Some might declare it all ridiculous, but I think part of Adam Ant is creating a character and a world that further brings his music to life with visuals, and a bit of escapism. I imagine that he is as smart as he is creative, and he makes it all work for those who enjoy what he has to offer.
He was joined on stage are an assortment of capable musicians, which are as follows:
- Jola & Andy Woodard (drums)
- Joe Holweger (bass guitar)
- Tom Edwards (guitar)
- Georgina Baillie (vocalist)
Below is the massive set list for the show:
- PLASTIC SURGERY
- DOG EAT DOG
- BEAT MY GUEST
- CAR TROUBLE
- ANTS INVASION
- DEUTCHER GIRLS
- STAND AND DELIVER
- ROOM AT THE TOP
- KINGS OF THE WILD FRONTIER
- WHIP IN MY VALISE
- VINCE TAYLOR
- DESPERATE NOT SERIOUS
- NEVER TRUST A MAN
- GOODY TWO SHOES
- VIVE LE ROCK
- CHRISTIAN D’OR
- LADY/FALL IN
- FAT FUN
- RED SCAB
- PRINCE CHARMING
- GET IT ON / 20TH CENTURY BOY
Strangely, Adam Ant isn’t quite the household name that some of his contemporaries are, even though he had significantly more hits than some more well known names in the mainstream.
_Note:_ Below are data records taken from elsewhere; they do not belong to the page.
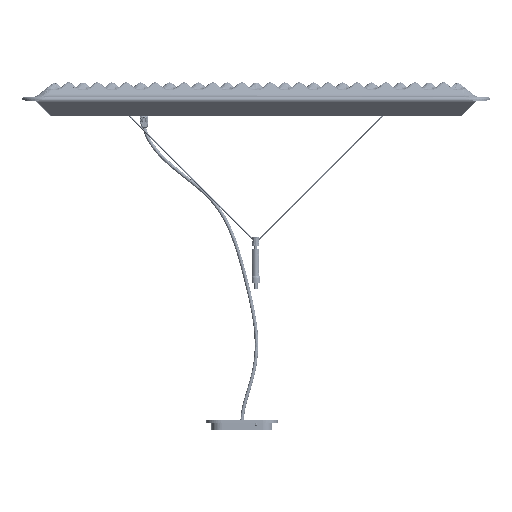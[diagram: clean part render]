
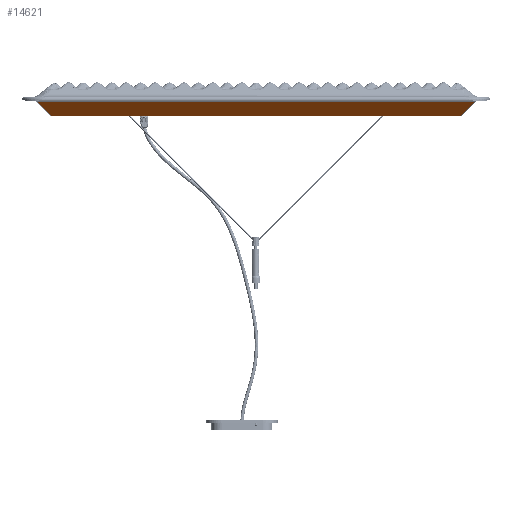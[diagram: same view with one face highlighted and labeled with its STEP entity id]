
A CAD part, left-side view. The second image highlights one B-rep face of the part: STEP entity #14621.
In plain terms, the highlighted planar face has unit normal (-0.707, 0, -0.707).
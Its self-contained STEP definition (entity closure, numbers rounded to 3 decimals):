
#2610=PLANE('',#49575);
#4716=B_SPLINE_CURVE_WITH_KNOTS('',1,(#68824,#68825),.UNSPECIFIED.,.F.,
 .F.,(2,2),(0.,695.808),.UNSPECIFIED.);
#4717=B_SPLINE_CURVE_WITH_KNOTS('',1,(#68829,#68830),.UNSPECIFIED.,.F.,
 .F.,(2,2),(0.,41.96),.UNSPECIFIED.);
#4718=B_SPLINE_CURVE_WITH_KNOTS('',3,(#68831,#68832,#68833,#68834),
 .UNSPECIFIED.,.F.,.F.,(4,4),(0.,1.),.UNSPECIFIED.);
#4719=B_SPLINE_CURVE_WITH_KNOTS('',1,(#68835,#68836),.UNSPECIFIED.,.F.,
 .F.,(2,2),(0.,744.758),.UNSPECIFIED.);
#4720=B_SPLINE_CURVE_WITH_KNOTS('',3,(#68837,#68838,#68839,#68840),
 .UNSPECIFIED.,.F.,.F.,(4,4),(-1.,0.),.UNSPECIFIED.);
#4721=B_SPLINE_CURVE_WITH_KNOTS('',1,(#68841,#68842),.UNSPECIFIED.,.F.,
 .F.,(2,2),(0.,41.96),.UNSPECIFIED.);
#14621=ADVANCED_FACE('',(#16365),#2610,.T.);
#16365=FACE_OUTER_BOUND('',#18128,.T.);
#18128=EDGE_LOOP('',(#22555,#22556,#22557,#22558,#22559,#22560,#22561,#22562));
#22555=ORIENTED_EDGE('',*,*,#31355,.T.);
#22556=ORIENTED_EDGE('',*,*,#31356,.T.);
#22557=ORIENTED_EDGE('',*,*,#31357,.T.);
#22558=ORIENTED_EDGE('',*,*,#31358,.T.);
#22559=ORIENTED_EDGE('',*,*,#31359,.T.);
#22560=ORIENTED_EDGE('',*,*,#31360,.T.);
#22561=ORIENTED_EDGE('',*,*,#31361,.T.);
#22562=ORIENTED_EDGE('',*,*,#31362,.T.);
#31355=EDGE_CURVE('',#42846,#42847,#4716,.T.);
#31356=EDGE_CURVE('',#42847,#42848,#38179,.T.);
#31357=EDGE_CURVE('',#42848,#42849,#4717,.T.);
#31358=EDGE_CURVE('',#42849,#42850,#4718,.T.);
#31359=EDGE_CURVE('',#42850,#42851,#4719,.T.);
#31360=EDGE_CURVE('',#42851,#42852,#4720,.T.);
#31361=EDGE_CURVE('',#42852,#42853,#4721,.T.);
#31362=EDGE_CURVE('',#42853,#42846,#38180,.T.);
#38179=(
BOUNDED_CURVE()
B_SPLINE_CURVE(2,(#68826,#68827,#68828),.UNSPECIFIED.,.F.,.F.)
B_SPLINE_CURVE_WITH_KNOTS((3,3),(0.,0.37),.UNSPECIFIED.)
CURVE()
GEOMETRIC_REPRESENTATION_ITEM()
RATIONAL_B_SPLINE_CURVE((1.,0.996,1.))
REPRESENTATION_ITEM('')
);
#38180=(
BOUNDED_CURVE()
B_SPLINE_CURVE(2,(#68843,#68844,#68845),.UNSPECIFIED.,.F.,.F.)
B_SPLINE_CURVE_WITH_KNOTS((3,3),(0.,0.37),.UNSPECIFIED.)
CURVE()
GEOMETRIC_REPRESENTATION_ITEM()
RATIONAL_B_SPLINE_CURVE((1.,0.996,1.))
REPRESENTATION_ITEM('')
);
#42846=VERTEX_POINT('',#68816);
#42847=VERTEX_POINT('',#68817);
#42848=VERTEX_POINT('',#68818);
#42849=VERTEX_POINT('',#68819);
#42850=VERTEX_POINT('',#68820);
#42851=VERTEX_POINT('',#68821);
#42852=VERTEX_POINT('',#68822);
#42853=VERTEX_POINT('',#68823);
#49575=AXIS2_PLACEMENT_3D('',#68815,#49890,$);
#49890=DIRECTION('',(-0.707,0.,-0.707));
#68815=CARTESIAN_POINT('',(-743.092,-447.462,-45.206));
#68816=CARTESIAN_POINT('',(-746.149,347.906,-42.149));
#68817=CARTESIAN_POINT('',(-746.149,-347.901,-42.149));
#68818=CARTESIAN_POINT('',(-746.347,-348.141,-41.95));
#68819=CARTESIAN_POINT('',(-770.59,-372.333,-17.708));
#68820=CARTESIAN_POINT('',(-770.623,-372.377,-17.675));
#68821=CARTESIAN_POINT('',(-770.623,372.381,-17.675));
#68822=CARTESIAN_POINT('',(-770.59,372.338,-17.708));
#68823=CARTESIAN_POINT('',(-746.347,348.146,-41.95));
#68824=CARTESIAN_POINT('',(-746.149,347.906,-42.149));
#68825=CARTESIAN_POINT('',(-746.149,-347.901,-42.149));
#68826=CARTESIAN_POINT('',(-746.149,-347.901,-42.149));
#68827=CARTESIAN_POINT('',(-746.24,-348.034,-42.058));
#68828=CARTESIAN_POINT('',(-746.347,-348.141,-41.95));
#68829=CARTESIAN_POINT('',(-746.347,-348.141,-41.95));
#68830=CARTESIAN_POINT('',(-770.59,-372.333,-17.708));
#68831=CARTESIAN_POINT('',(-770.59,-372.333,-17.708));
#68832=CARTESIAN_POINT('',(-770.601,-372.348,-17.697));
#68833=CARTESIAN_POINT('',(-770.612,-372.362,-17.686));
#68834=CARTESIAN_POINT('',(-770.623,-372.377,-17.675));
#68835=CARTESIAN_POINT('',(-770.623,-372.377,-17.675));
#68836=CARTESIAN_POINT('',(-770.623,372.381,-17.675));
#68837=CARTESIAN_POINT('',(-770.623,372.381,-17.675));
#68838=CARTESIAN_POINT('',(-770.612,372.367,-17.686));
#68839=CARTESIAN_POINT('',(-770.601,372.352,-17.697));
#68840=CARTESIAN_POINT('',(-770.59,372.338,-17.708));
#68841=CARTESIAN_POINT('',(-770.59,372.338,-17.708));
#68842=CARTESIAN_POINT('',(-746.347,348.146,-41.95));
#68843=CARTESIAN_POINT('',(-746.347,348.146,-41.95));
#68844=CARTESIAN_POINT('',(-746.24,348.039,-42.058));
#68845=CARTESIAN_POINT('',(-746.149,347.906,-42.149));

It may simply be a matter reflective of the old adage of a flame burning brighter but not lasting as long. I look at that set list and am just astonished with the number of fantastic songs produced over his career.
Though the music industry has changed dramatically during Adam Ants professional lifetime within it, he can still draw a huge crowd of fans that are much more enthusiastic for his show than the norm. I have friends that have been talking about this one for months now, because there is just something extra special about having an opportunity to go see Adam Ant live. He is an icon for those of us who grew up in a certain generation, and well, who could miss it?
As an interesting side note, John Lydon (front man for the Sex Pistols) and his Public Image Limited will be taking the exact same stage exactly one week later at the Regency Ballroom in San Francisco. Who could have imagined, in 1975, that Adam Ant and John Lydon would still be actively touring 37 years after the the small punk bands the Sex Pistols opened for Bazooka Joe, which featured a pre-Adam Ant monikered Stuart Leslie Goddard? Even more, in these days where new music has less longevity than ever? I think it’s another reason those of us in this certain generation hold on to these artists and their works more than ever… in addition to the excellence of the music, there is the nostalgia for a different time, that will not and could not ever happen again. A truly groundbreaking and innovative period for music, and Adam Ant was a huge part of it on many levels, as a witness and participant.